In equation 10, imputation value is simply a weighted average of the values of the nearest neighbors. This is motivated because you assume that nearest neighbors should also be close in the sample we are imputing. Using a semi-positive definite distance measure such as PearsonDistance, this is suboptimal. The reason is that two vectors can have a very small distance even though element values are very different. The distance can actually be zero also for non-identical vectors. In other words, the distance is translational and scale invariant. Say for instance that we have the following small matrix

0 12 0 12 mv
4  8 4  8  4

Obviously imputing the missing value to 4 here is not optimal - the vectors have a zero distance prior imputation and post imputation the distance would no longer be zero. Rather we would like to set the value to 0. How can that be achieved? Well, the key is in the invariants mentioned above. We remember that correlation based distance is equivalent to a z-score normalization followed by Euclidean distance. Therefore, it would be tempting to z-score each row and then use Euclidean distance to impute values. However, there are some disadvantages with that approach basically because a correlation calculation is based solely on pairs of data present in both vectors. Therefore, the average and variance used in correlation calculation would be different from the one in the z-score normalization, which would yield unwanted behavior such as mentioned above. A better approach would be to perform the z-score normalization based on the same data that is used in calculation of the distance.

y' = (y-m)/s

The missing value can then be imputed from the neighbor: y' = x' and the z-score is reversed to get back the original average and scale y = s*y'+m (well technically they will be different due to imputed values, but almost...).

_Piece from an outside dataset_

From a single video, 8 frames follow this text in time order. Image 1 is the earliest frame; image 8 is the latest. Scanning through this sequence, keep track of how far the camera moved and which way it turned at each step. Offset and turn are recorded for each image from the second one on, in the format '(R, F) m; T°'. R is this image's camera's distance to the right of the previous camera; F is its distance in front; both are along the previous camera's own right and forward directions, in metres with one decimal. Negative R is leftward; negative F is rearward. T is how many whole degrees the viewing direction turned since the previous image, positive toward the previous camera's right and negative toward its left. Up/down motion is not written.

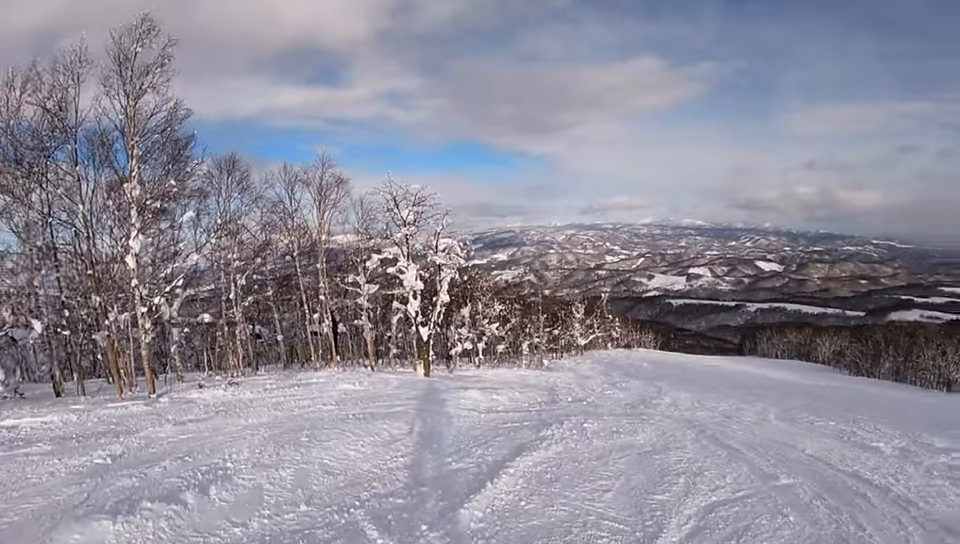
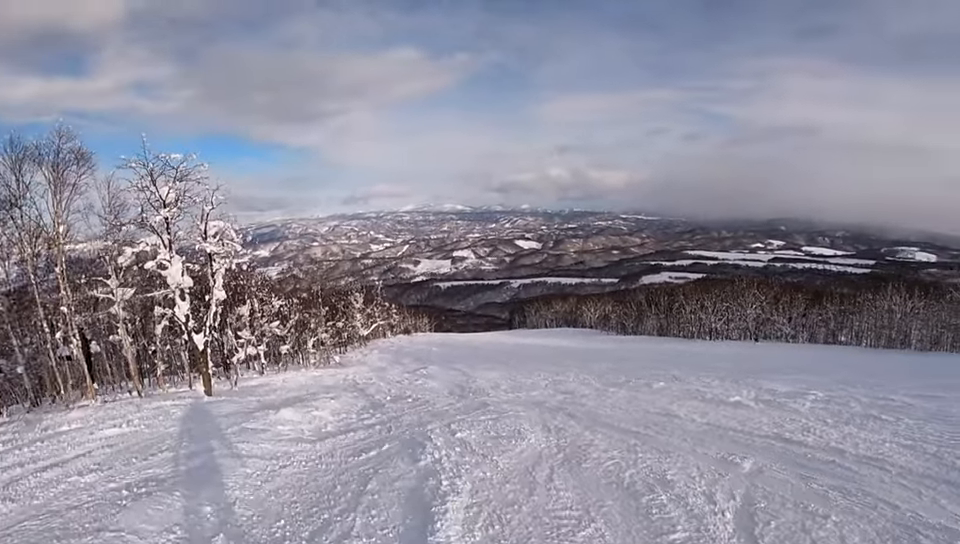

Implementation-wise there is probably no reason to perform the normalization back and forth. Instead one could calculate the correlation distance using AveragerPairWeighted and thereby getting the nearest neighbors. the trick is then to calculate the imputation value directly using averages and variances of x and y.

y = s_y * y' + m_y = s_y * x' + m_y = s_y * (x-m_x) / s_x + m_y

which is similar to equation for linear regression

y = s_y/s_x * r * (x-m_x) + m_y.

Change History (1)

comment:1 Changed 14 years ago by Peter

Description: modified (diff)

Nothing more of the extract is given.